We were blown away by this bar, taking hundreds of pictures from every angle as the colours changed. The VIP seafront terrace gives you fantastic views, but you can drink this sight in from just about anywhere. The bar is open every day until after sunset.
It’s a photographer’s paradise
There are approximately 130 beaches in Menorca with crystal clear azure waters, and soft sand underfoot. But this isn’t the only landscape you’ll find here. Besides its coastal beauty, the island has wetlands, marshes and ponds where a remarkable array of wildlife can be found. It’s no wonder that Menorca has been a protected UNESCO Biosphere Reserve since 1993. With all this dramatic natural landscape around, photographers, and bloggers will find plenty to enjoy here. Some of my favourite spots have to be the Cova d’en Xoroi bar, the Illa del Llatzeret (Lazaretto Island) a quarantine island (where people with infectious deceases were held) and absolutely anywhere near THAT water…

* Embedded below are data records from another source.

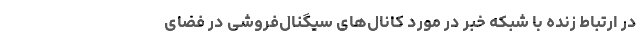
در ارتباط زنده با شبکه خبر در مورد کانال‌های سیگنال‌فروشی در فضای
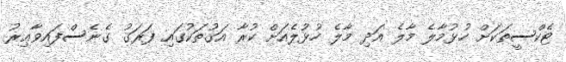
ޓެކްސީތަކަށް ހުޅުމާލެ މާލެ އަދި މާލެ ހުޅުލެއަށް ކުރާ އަގުތަކުގައި ފަރަގު ގެނެސްފައިވާޢިރު
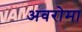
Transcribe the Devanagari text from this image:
अवरोमा
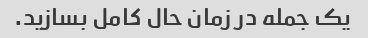
یک جمله در زمان حال کامل بسازید.
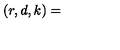
( r , d , k ) =
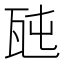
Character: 瓲
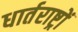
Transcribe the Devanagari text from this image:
धार्तराष्ट्रों
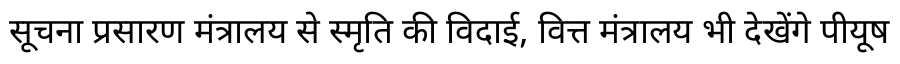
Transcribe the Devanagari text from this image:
सूचना प्रसारण मंत्रालय से स्मृति की विदाई, वित्त मंत्रालय भी देखेंगे पीयूष
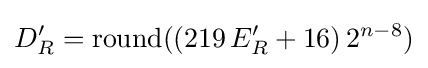
D'_{R}={\mbox{round}}((219\,E'_{R}+16)\,2^{n-8})
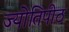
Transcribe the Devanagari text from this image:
ज्योतिपीठ
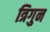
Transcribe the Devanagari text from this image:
त्रिगुन
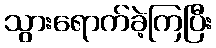
သွားရောက်ခဲ့ကြပြီး
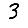
Digit: 3
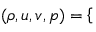
\begin{array} { r } { ( \rho , u , v , p ) = \left\{ \begin{array} { l l } \end{array} \right. } \end{array}
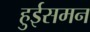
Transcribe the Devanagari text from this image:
हुईसमन
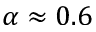
\alpha \approx 0 . 6
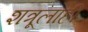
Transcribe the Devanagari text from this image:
शत्रूलाही
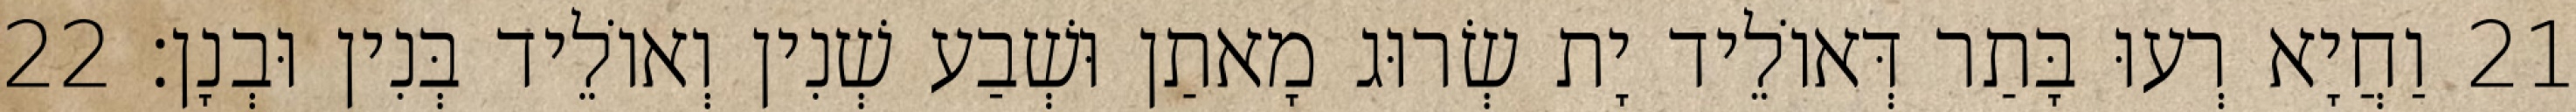
21 וַחֲיָא רְעוּ בָּתַר דְּאוֹלֵיד יָת שְׂרוּג מָאתַן וּשְׁבַע שְׁנִין וְאוֹלֵיד בְּנִין וּבְנָן׃ 22
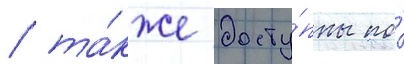
/ та́кже досту́пны по́
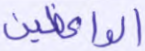
الواعظين
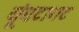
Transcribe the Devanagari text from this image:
यूंगटागट
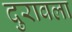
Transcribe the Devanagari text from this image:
दुरावला
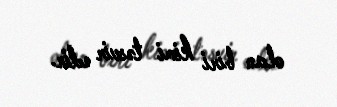
olan biri kimi təsvir edir.
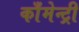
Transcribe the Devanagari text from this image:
काँमेन्ट्री
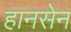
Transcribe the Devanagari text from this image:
हानसेन
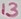
Text: 13
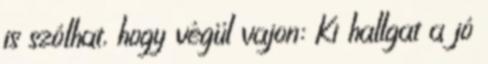
is szólhat, hogy végül vajon: Ki hallgat a jó
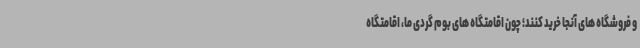
و فروشگاه های آنجا خرید کنند؛ چون اقامتگاه های بوم گردی ما، اقامتگاه
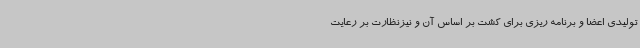
تولیدی اعضا و برنامه ریزی برای کشت بر اساس آن و نیزنظارت بر رعایت
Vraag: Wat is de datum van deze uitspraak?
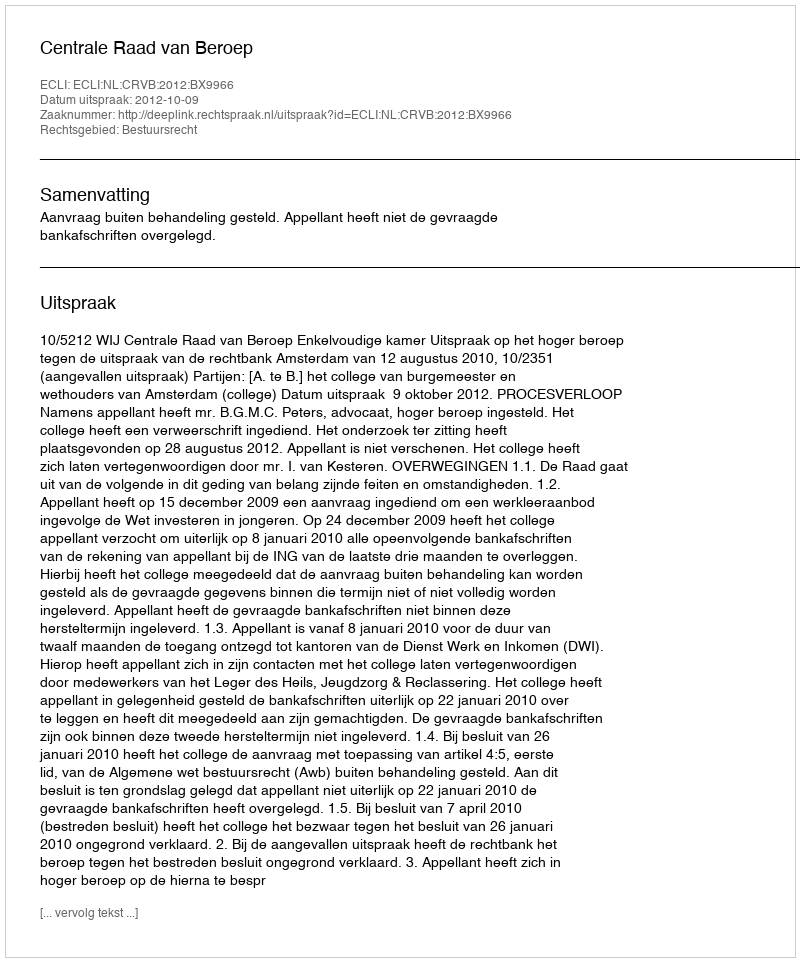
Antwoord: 2012-10-09
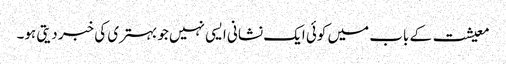
معیشت کے باب میں کوئی ایک نشانی ایسی نہیں جو بہتری کی خبر دیتی ہو۔
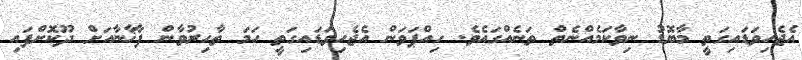
އެޖެހިވަޑައިގަތީ މާބޮޑު ނިވާކަމެއްނެތް ތަނެއްގައެވެ. ހިއްޕަވަން އެޖެހިވަޑައިގަތީ ހަމަ ތާހިރުވާން ފާޚާނާއަށް ދޫކޮށްފައި
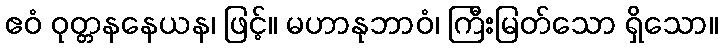
ဧဝံ ဝုတ္တနနေယန၊ ဖြင့်။ မဟာနုဘာဝံ၊ ကြီးမြတ်သော ရှိသော။
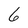
Character: 6
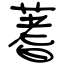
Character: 蓍
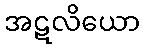
အဋလိယော
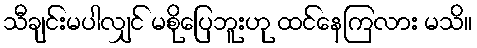
သီချင်းမပါလျှင် မစိုပြေဘူးဟု ထင်နေကြလား မသိ။
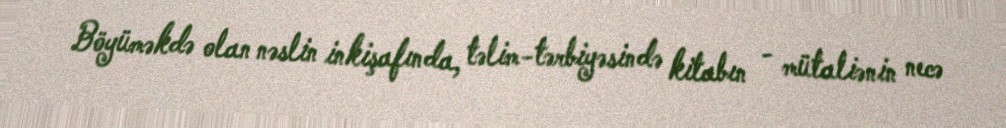
Böyüməkdə olan nəslin inkişafında, təlim-tərbiyəsində kitabın - mütaliənin necə
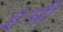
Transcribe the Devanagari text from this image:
इत्री
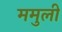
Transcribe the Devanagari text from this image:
ममुली
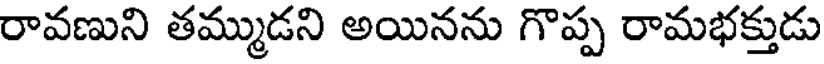
రావణుని తమ్ముడని అయినను గొప్ప రామభక్తుడు
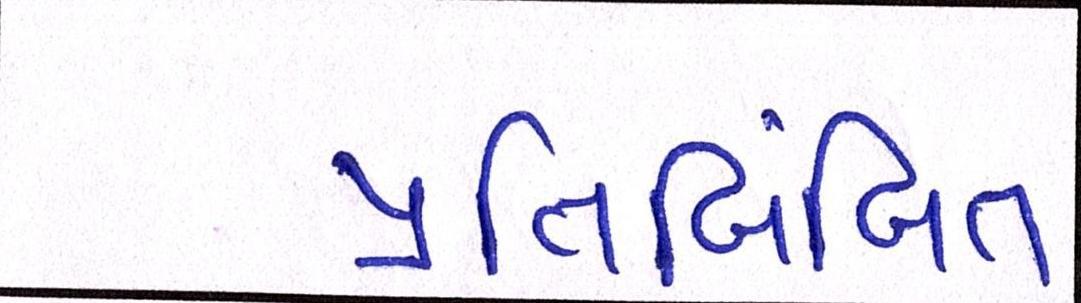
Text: પ્રતિબિંબિત
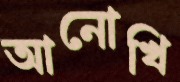
আনোখি
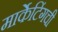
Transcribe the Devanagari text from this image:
मार्केटिंगची
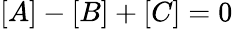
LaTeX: [A]-[B]+[C]=0
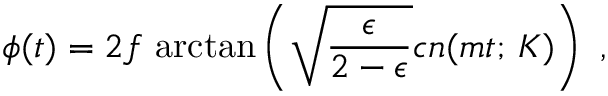
\phi ( t ) = 2 f \, \arctan \left( \sqrt { \frac { \epsilon } { 2 - \epsilon } } c n ( m t ; \, { \cal K } ) \right) \ ,
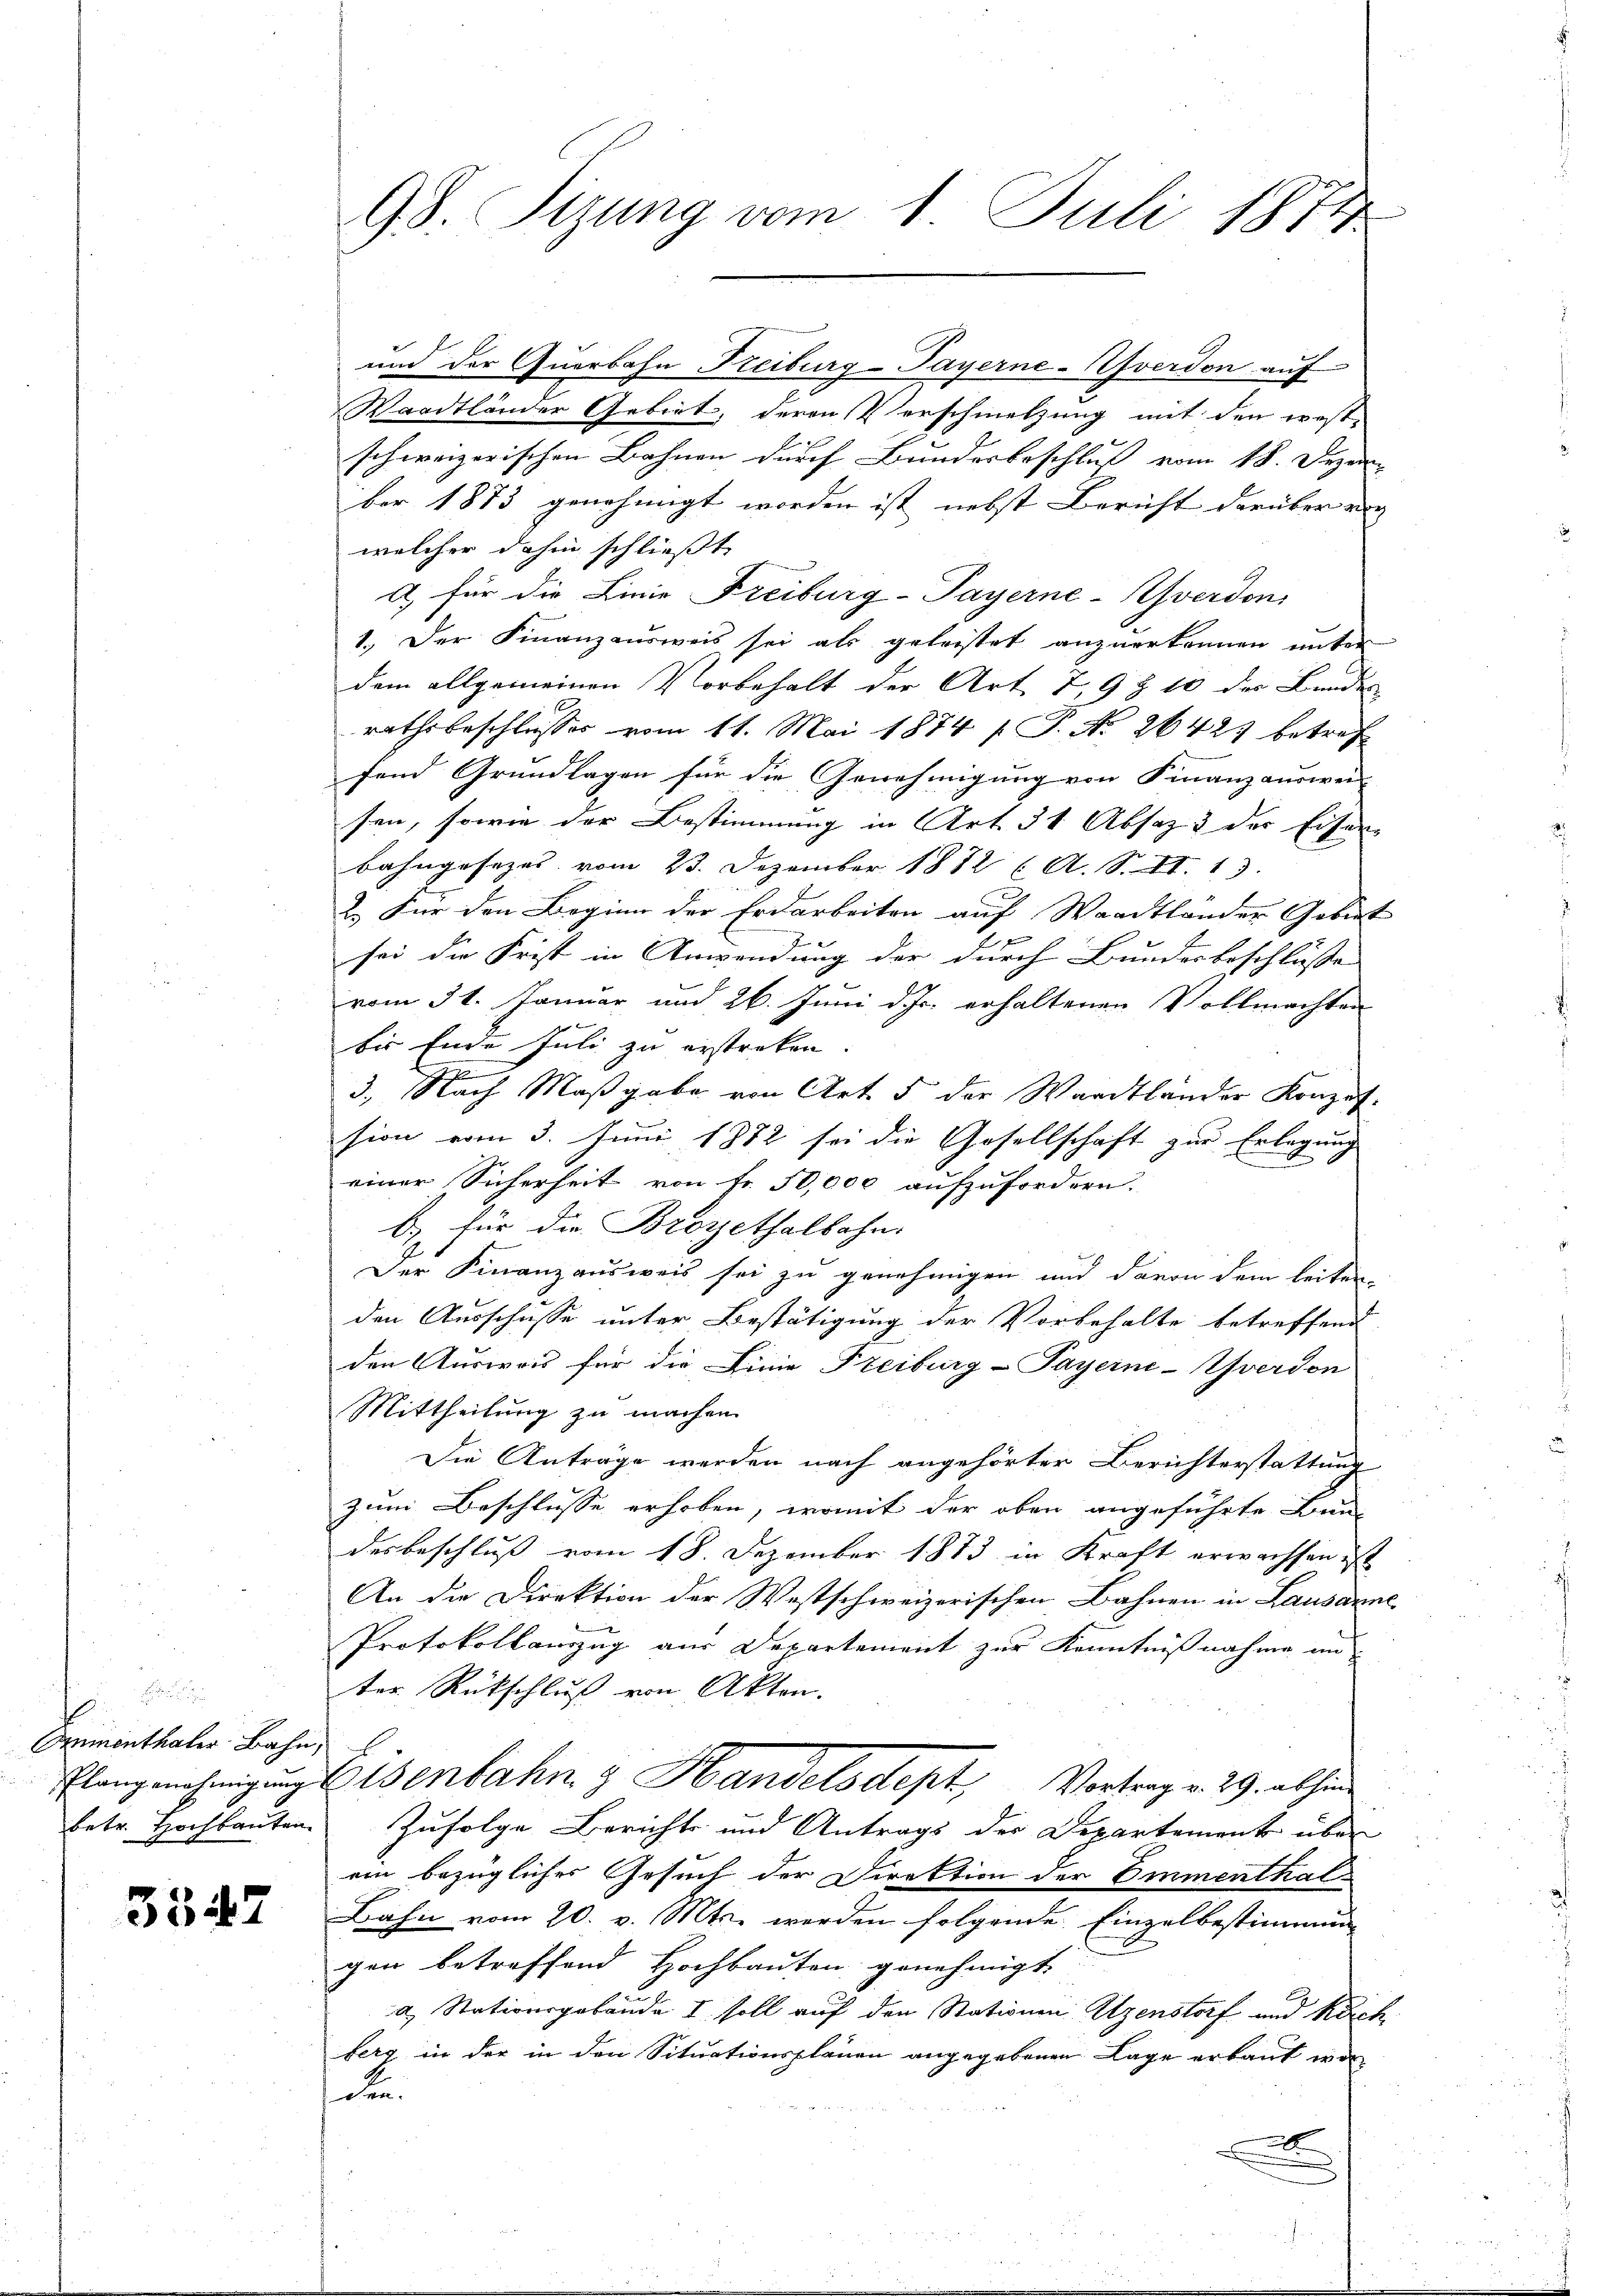
Ormonthaler Bahn,

3547

98. Sizung vom 1. Juli 1871

und der Querbahn Freiburg-Payerne-Afverdon auf
Waadtländer Gebiet, deren Verschmelzung mit den westschweizerischen Bahnen durch Bundesbeschluß vom 18. Dezem
ber 1873 genehmigt worden ist nebst Bericht darüber eig
welcher dahin schließt
a) für die Linie Freiburg-Payerne-Yverdon
1.) Der Finanzausweis sei als geleistet anzuerkennen unter
dem allgemeinen Vorbehalt der Art. 7, 9 § 10 der Bunde
rathsbeschlusses vom 11. Mai 1874 / P. Nr. 26421 betref
fend Grundlagen für die Genehmigung von Finanzauswei
sen, sowie der Bestimmung in Art. 31 Absaz 3 der Eiser-
Bahngesezes vom 23. Dezember 1882 (A. S. II. 13.
2.) Für den Beginn der Erdarbeiten auf Waadtlander Gebiet
2
sei die Frist in Anwendung der durch Bundesbeschlüsse |
vom 31. Januar und 26. Juni d. Js. erhaltenen Vollmachten
bis Ende Juli zu erstreken.
e
3., Nach Maßgabe von Art. 5 der Waadtländer Konzession vom 3. Juni 1872 sei die Gesellschaft zur Erlegung
einer Sicherheit von Fr. 50,000 aufzufordern.
b.) für die Brosethalbahn.
Der Finanzausweis sei zu genehmigen und davon dem leiten-
den Ausschusse unter Bestätigung der Vorbehalte betreffend
den Ausweis für die Linie Freiburg-Payerne-Yverdon
Mittheilung zu machen.
Die Anträge werden nach angehörter Berichterstattung
zum Beschlusse erhoben, womit der oben angeführte Bun-
desbeschluß vom 18. Dezember 1883 in Kraft erwachsen ist
An die Direktion der Westschweizerischen Bahnen in Lausanne
Protokollanzug aus Departement zur Kenntnißnahme un
ter Rückschluß von Akten.
Elangenehmigung Eisenbahn & Handelsdept, Vortrag v. 29. abhin
betr. Hochbauten. Zufolge Berichts und Antrags der Departement über
ein bezügliches Gesuch der Direktion der Emmenthal¬
Bahn vom 20. v. Mts. werden folgende Einzelbestimmung
gen betreffend Hochbauten genehmigt.
a. Stationsgebäude I soll auf den Stationen Utzenstorf und Kirch
berg in der in den Situationsplänen angegebenen Lage erbaut worden.
x
e
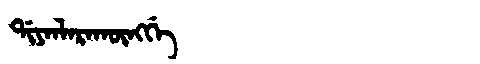
Manchu: ᡩᡳᠶᠠᠨᠯᠠᡵᠠᡴᡡᠩᡤᡝ
Romanization: DIYANLARAKŪNGGE

Describing Menorca as unspoiled doesn’t do the island justice. If I was to break down Menorca as if it were a cocktail it would be a shot of indulgence, a dash of relaxation – hold the early mornings – instead add a double measure of sunshine and a sprinkling of magic. Make your own plan to discover the Balearic’s secret treasure trove, you owe it to yourself.
Thank you to Visit Spain and Visit Menorca for inviting me to their island, it was awesome. As always though, all opinions expressed here are entirely my own.